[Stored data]
>>>

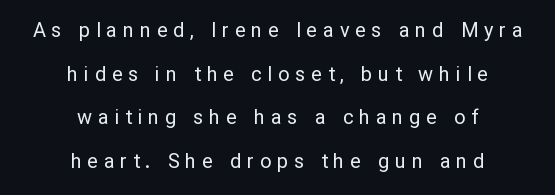
The image shows 20 px text type, upright; set centered, loose line spacing (2.18x), unusually wide letter spacing (+0.29 em), not underlined.
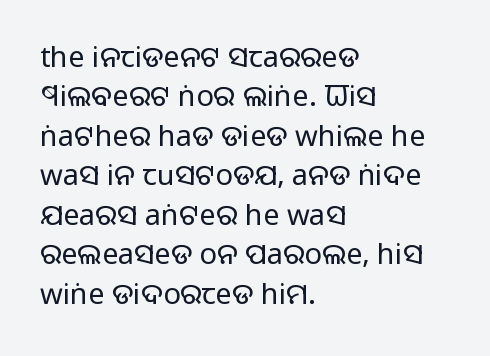
The typeface chosen for these lines omits serifs. Nobody drew a line under any word here. Think of a printed novel: that variable character pitch is what you see here. The lettering stays uniformly vertical, giving the passage a roman look. The designer left line spacing at the default. The rag falls on the right side of this text block.
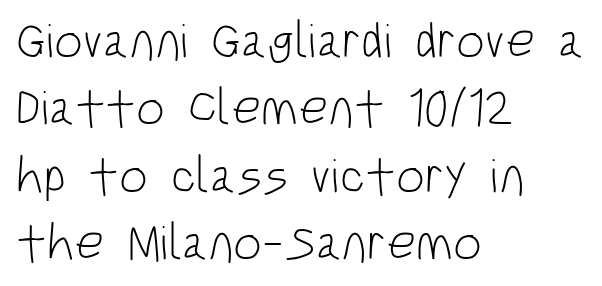
{"serif": "no", "italic": "no", "bold": "no", "weight": "light", "width": "condensed", "stroke_contrast": "low", "x_height": "large", "monospaced": "no", "underline": "no", "align": "left", "line_spacing": "normal", "line_spacing_ratio": 1.32, "letter_spacing": "normal", "letter_spacing_em": 0.0, "glyph_px": 51}
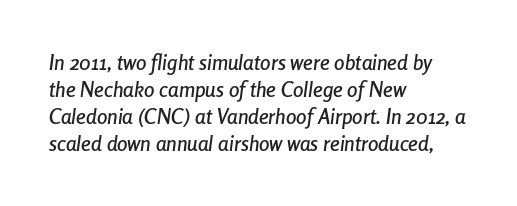
Spacing between characters is what you'd get straight out of the box. Compared with ordinary roman type, these characters are visibly tilted. In terms of leading, this rendering sits right in the middle. Unmarked baselines from the first word to the last. Alignment: flush left.
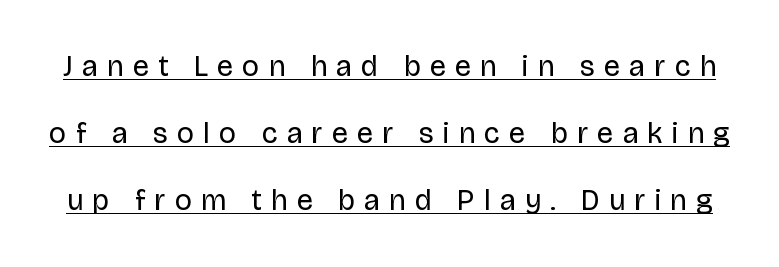
{"serif": "no", "italic": "no", "bold": "no", "weight": "regular", "width": "normal", "stroke_contrast": "low", "x_height": "large", "monospaced": "no", "underline": "yes", "line_spacing": "loose", "line_spacing_ratio": 2.31, "letter_spacing": "wide", "letter_spacing_em": 0.33, "glyph_px": 29}
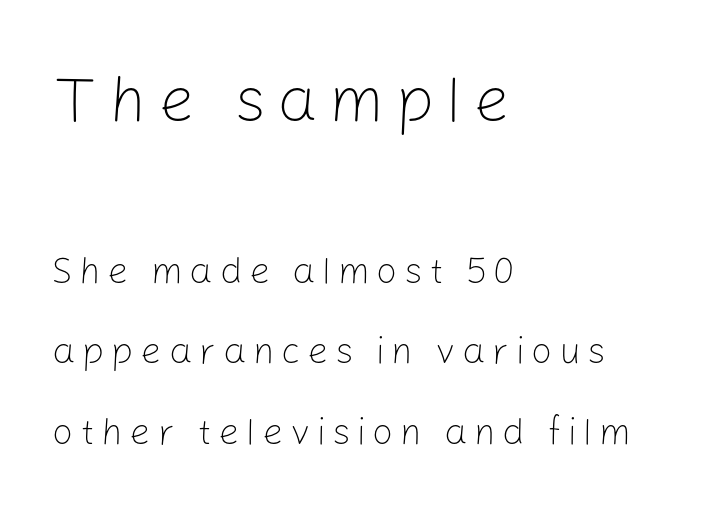
{"serif": "no", "italic": "no", "bold": "no", "weight": "light", "width": "normal", "stroke_contrast": "low", "x_height": "medium", "monospaced": "no", "underline": "no", "align": "left", "line_spacing": "loose", "line_spacing_ratio": 2.18, "larger_block": "first", "size_ratio": 1.73, "glyph_px": 64}
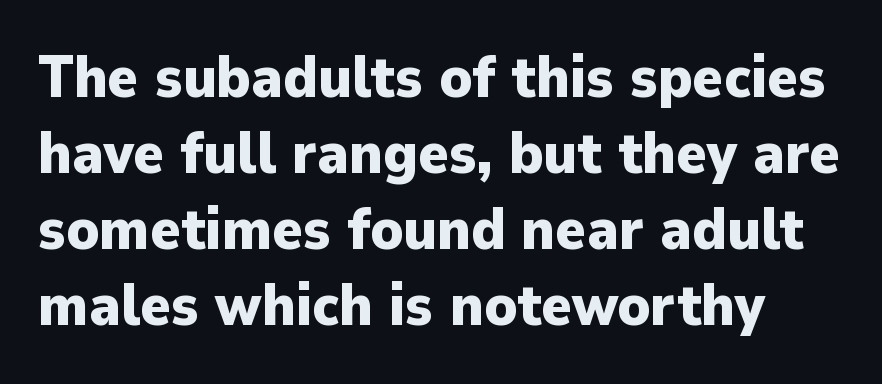
{"serif": "no", "italic": "no", "bold": "yes", "weight": "heavy", "width": "normal", "stroke_contrast": "low", "x_height": "medium", "monospaced": "no", "underline": "no", "line_spacing": "normal", "line_spacing_ratio": 1.31, "letter_spacing": "normal", "letter_spacing_em": 0.0, "glyph_px": 58}
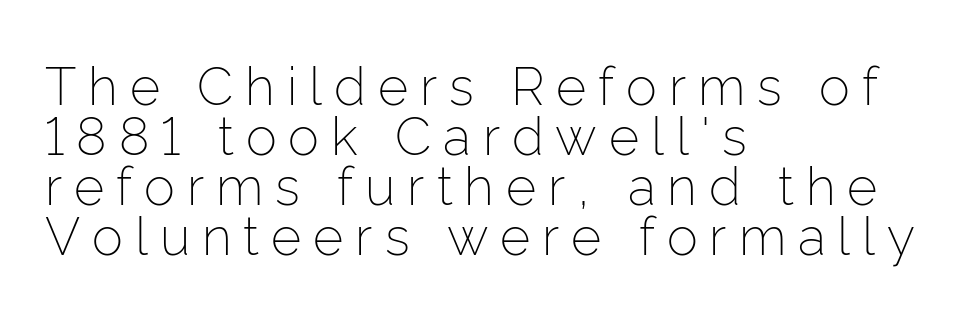
This sample uses an upright cut, with every glyph sitting square on the baseline. Classification — sans serif. Each letter keeps its own natural width here, so spacing adapts to shape. Leading is clearly below the norm, producing a dense column.
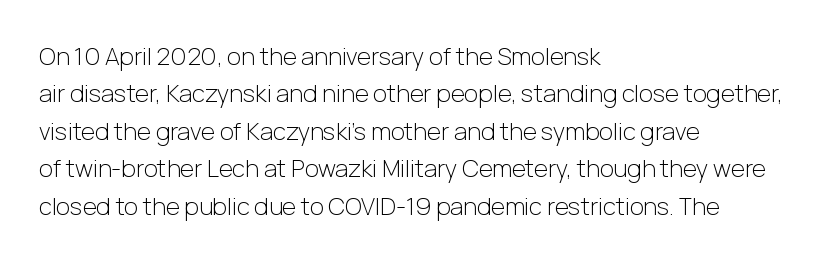
The image shows 24 px text type, upright; set left-aligned, normal line spacing (1.56x), normal letter spacing, not underlined.
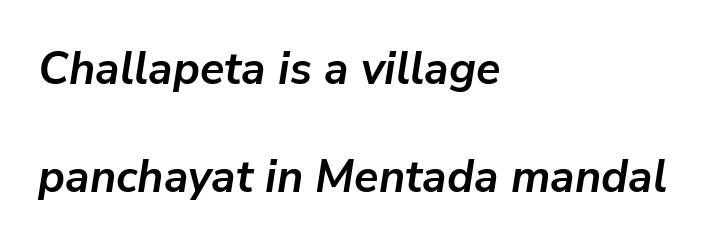
This is heavy type, rendered in bold. The passage shown stacks its lines with a broad gap. Is this a fixed-width face? No — the glyphs have proportional, varying widths. Each row of text sits above clean, open space. Every row of glyphs begins at an identical x-position on the left.
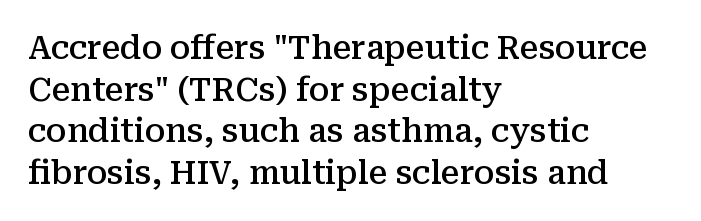
The lines sit at an ordinary, default distance from one another. The paragraph has a hard left edge and a soft right edge. Examine the stroke ends and you'll spot serifs. Compared with typical body copy, the letter spacing here is the same.
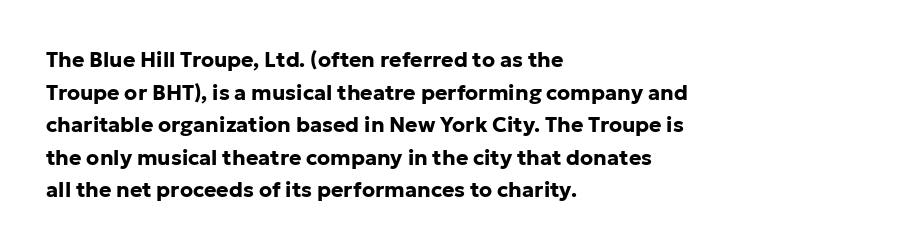
{"italic": "no", "bold": "yes", "underline": "no", "align": "left", "line_spacing": "normal", "line_spacing_ratio": 1.55, "letter_spacing": "normal", "letter_spacing_em": 0.0, "glyph_px": 21}
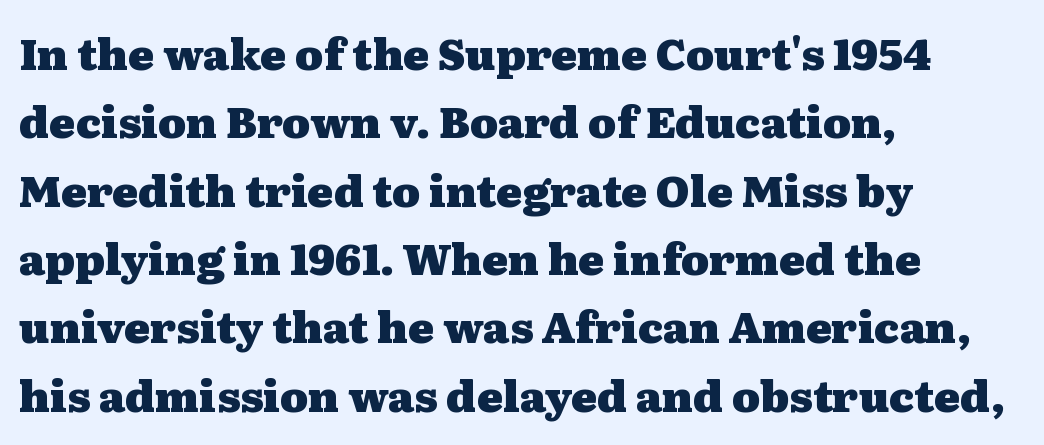
The image shows 43 px heavy, wide serif type, upright; set left-aligned, normal line spacing (1.59x), normal letter spacing, not underlined; medium stroke contrast and a medium x-height.

<<<

WORK INSTRUCTIONS
Word for word, return the records shown above without their pictures.

OUTPUT BELOW
The image shows 20 px text type, upright; set centered, loose line spacing (2.18x), unusually wide letter spacing (+0.29 em), not underlined.
The typeface chosen for these lines omits serifs. Nobody drew a line under any word here. Think of a printed novel: that variable character pitch is what you see here. The lettering stays uniformly vertical, giving the passage a roman look. The designer left line spacing at the default. The rag falls on the right side of this text block.
{"serif": "no", "italic": "no", "bold": "no", "weight": "light", "width": "condensed", "stroke_contrast": "low", "x_height": "large", "monospaced": "no", "underline": "no", "align": "left", "line_spacing": "normal", "line_spacing_ratio": 1.32, "letter_spacing": "normal", "letter_spacing_em": 0.0, "glyph_px": 51}
Spacing between characters is what you'd get straight out of the box. Compared with ordinary roman type, these characters are visibly tilted. In terms of leading, this rendering sits right in the middle. Unmarked baselines from the first word to the last. Alignment: flush left.
{"serif": "no", "italic": "no", "bold": "no", "weight": "regular", "width": "normal", "stroke_contrast": "low", "x_height": "large", "monospaced": "no", "underline": "yes", "line_spacing": "loose", "line_spacing_ratio": 2.31, "letter_spacing": "wide", "letter_spacing_em": 0.33, "glyph_px": 29}
{"serif": "no", "italic": "no", "bold": "no", "weight": "light", "width": "normal", "stroke_contrast": "low", "x_height": "medium", "monospaced": "no", "underline": "no", "align": "left", "line_spacing": "loose", "line_spacing_ratio": 2.18, "larger_block": "first", "size_ratio": 1.73, "glyph_px": 64}
{"serif": "no", "italic": "no", "bold": "yes", "weight": "heavy", "width": "normal", "stroke_contrast": "low", "x_height": "medium", "monospaced": "no", "underline": "no", "line_spacing": "normal", "line_spacing_ratio": 1.31, "letter_spacing": "normal", "letter_spacing_em": 0.0, "glyph_px": 58}
This sample uses an upright cut, with every glyph sitting square on the baseline. Classification — sans serif. Each letter keeps its own natural width here, so spacing adapts to shape. Leading is clearly below the norm, producing a dense column.
The image shows 24 px text type, upright; set left-aligned, normal line spacing (1.56x), normal letter spacing, not underlined.
This is heavy type, rendered in bold. The passage shown stacks its lines with a broad gap. Is this a fixed-width face? No — the glyphs have proportional, varying widths. Each row of text sits above clean, open space. Every row of glyphs begins at an identical x-position on the left.
The lines sit at an ordinary, default distance from one another. The paragraph has a hard left edge and a soft right edge. Examine the stroke ends and you'll spot serifs. Compared with typical body copy, the letter spacing here is the same.
{"italic": "no", "bold": "yes", "underline": "no", "align": "left", "line_spacing": "normal", "line_spacing_ratio": 1.55, "letter_spacing": "normal", "letter_spacing_em": 0.0, "glyph_px": 21}
The image shows 43 px heavy, wide serif type, upright; set left-aligned, normal line spacing (1.59x), normal letter spacing, not underlined; medium stroke contrast and a medium x-height.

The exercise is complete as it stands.